Fijándose bien se dio cuenta de que llevaba algo metido en las orejas con unos
cables hasta su bolsillo y esa era la causa de no se enterase de nada de lo que
ocurría a su alrededor; bien poco, a esas horas de la noche.
Campanita empezaba a cansarse y siguió calle abajo
pensando en regresar hasta que se encontró a otra chica recostada contra una
pared de ladrillo. Esta lloraba, por lo que Campanita supuso sus males eran
males de amores pero la verdad, ya había sido demasiado buena por esta noche y
no le apetecía quedarse a averiguarlo. Cansada, se sentó en el bordillo. Las
tripas le rugían de hambre y empezaba a sentir sueño. Madrid parecía estar lleno de gente rara de
piedra o de bronce, reflexionó bostezando. Miró al cielo y al ver brillar la
estrella del país de Nunca Jamás sintió unas ganas irreprimibles de regresar a
casa. Ya tenía bastante de Madrid. Se levantó, sacudió sus alas transparentes
y, de un brinco, tomó impulso y se dirigió disparada hacia su casa.

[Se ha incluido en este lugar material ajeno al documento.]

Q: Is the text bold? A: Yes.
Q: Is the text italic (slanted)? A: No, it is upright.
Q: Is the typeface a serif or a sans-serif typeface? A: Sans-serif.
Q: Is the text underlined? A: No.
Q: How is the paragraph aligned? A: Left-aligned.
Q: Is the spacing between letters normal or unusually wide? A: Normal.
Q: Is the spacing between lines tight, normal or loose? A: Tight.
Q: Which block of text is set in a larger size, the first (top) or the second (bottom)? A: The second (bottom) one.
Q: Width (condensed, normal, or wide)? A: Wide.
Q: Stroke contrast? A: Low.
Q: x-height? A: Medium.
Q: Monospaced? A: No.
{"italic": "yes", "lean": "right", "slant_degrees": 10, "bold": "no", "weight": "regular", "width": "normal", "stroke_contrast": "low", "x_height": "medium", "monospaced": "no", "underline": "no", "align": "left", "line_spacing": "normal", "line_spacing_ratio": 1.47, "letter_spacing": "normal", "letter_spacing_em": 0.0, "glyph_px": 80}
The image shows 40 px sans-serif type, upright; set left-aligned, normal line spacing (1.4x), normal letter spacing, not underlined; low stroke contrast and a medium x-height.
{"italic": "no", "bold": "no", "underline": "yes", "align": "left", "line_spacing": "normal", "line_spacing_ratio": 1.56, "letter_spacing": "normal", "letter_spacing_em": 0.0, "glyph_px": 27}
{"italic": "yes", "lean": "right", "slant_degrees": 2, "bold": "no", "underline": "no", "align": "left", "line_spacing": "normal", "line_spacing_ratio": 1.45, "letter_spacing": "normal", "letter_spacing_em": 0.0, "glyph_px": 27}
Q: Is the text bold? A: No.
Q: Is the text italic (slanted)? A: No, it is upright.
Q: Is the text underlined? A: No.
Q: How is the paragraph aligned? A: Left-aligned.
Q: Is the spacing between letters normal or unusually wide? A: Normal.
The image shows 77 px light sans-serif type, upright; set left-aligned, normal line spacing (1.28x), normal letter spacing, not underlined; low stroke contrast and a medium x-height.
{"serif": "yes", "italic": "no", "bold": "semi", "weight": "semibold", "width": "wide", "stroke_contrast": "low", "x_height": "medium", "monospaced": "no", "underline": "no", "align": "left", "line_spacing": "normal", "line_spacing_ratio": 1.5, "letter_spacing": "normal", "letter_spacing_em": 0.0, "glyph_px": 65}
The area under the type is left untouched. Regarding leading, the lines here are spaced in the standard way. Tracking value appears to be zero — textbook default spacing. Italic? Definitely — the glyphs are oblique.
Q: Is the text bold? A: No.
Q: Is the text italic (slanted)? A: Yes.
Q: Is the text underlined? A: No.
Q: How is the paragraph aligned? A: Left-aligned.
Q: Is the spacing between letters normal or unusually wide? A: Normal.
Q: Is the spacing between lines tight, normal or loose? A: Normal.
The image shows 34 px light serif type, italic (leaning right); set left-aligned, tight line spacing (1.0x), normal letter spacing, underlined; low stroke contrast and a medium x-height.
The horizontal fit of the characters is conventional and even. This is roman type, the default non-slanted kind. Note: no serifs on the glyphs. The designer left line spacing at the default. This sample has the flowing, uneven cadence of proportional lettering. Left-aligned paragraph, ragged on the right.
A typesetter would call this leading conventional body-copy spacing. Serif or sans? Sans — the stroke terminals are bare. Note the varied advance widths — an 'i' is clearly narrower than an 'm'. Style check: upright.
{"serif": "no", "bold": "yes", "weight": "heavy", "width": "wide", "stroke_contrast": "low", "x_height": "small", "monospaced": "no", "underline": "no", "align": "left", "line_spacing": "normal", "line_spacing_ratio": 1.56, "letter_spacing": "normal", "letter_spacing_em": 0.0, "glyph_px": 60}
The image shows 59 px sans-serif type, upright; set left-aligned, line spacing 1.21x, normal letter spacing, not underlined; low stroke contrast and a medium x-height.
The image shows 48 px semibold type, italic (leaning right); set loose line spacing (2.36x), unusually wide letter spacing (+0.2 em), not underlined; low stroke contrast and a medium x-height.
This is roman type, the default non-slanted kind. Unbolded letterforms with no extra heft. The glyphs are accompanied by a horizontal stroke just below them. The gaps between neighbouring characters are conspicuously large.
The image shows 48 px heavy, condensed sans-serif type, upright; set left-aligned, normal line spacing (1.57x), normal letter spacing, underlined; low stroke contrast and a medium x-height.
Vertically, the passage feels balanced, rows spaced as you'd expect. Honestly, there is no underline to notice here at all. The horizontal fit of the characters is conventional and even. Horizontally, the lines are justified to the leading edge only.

El viaje de Campanita había durado ¿cuánto?... ¿Una hora?
¿Un minuto? Quizás tan solo un segundo, pero había coincidido con esa hora
mágica en la que la Estatua de la Libertad en Nueva York da lametones a su
antorcha convertida en helado de cucurucho, el Cristo en lo alto del Corcovado
baja las manos y se masajea los hombros. La misma en la que un dorado Johan
Strauss toca “El Danubio Azul” en un parque de Viena y la pirámide Gizeh
bosteza estirando las patas.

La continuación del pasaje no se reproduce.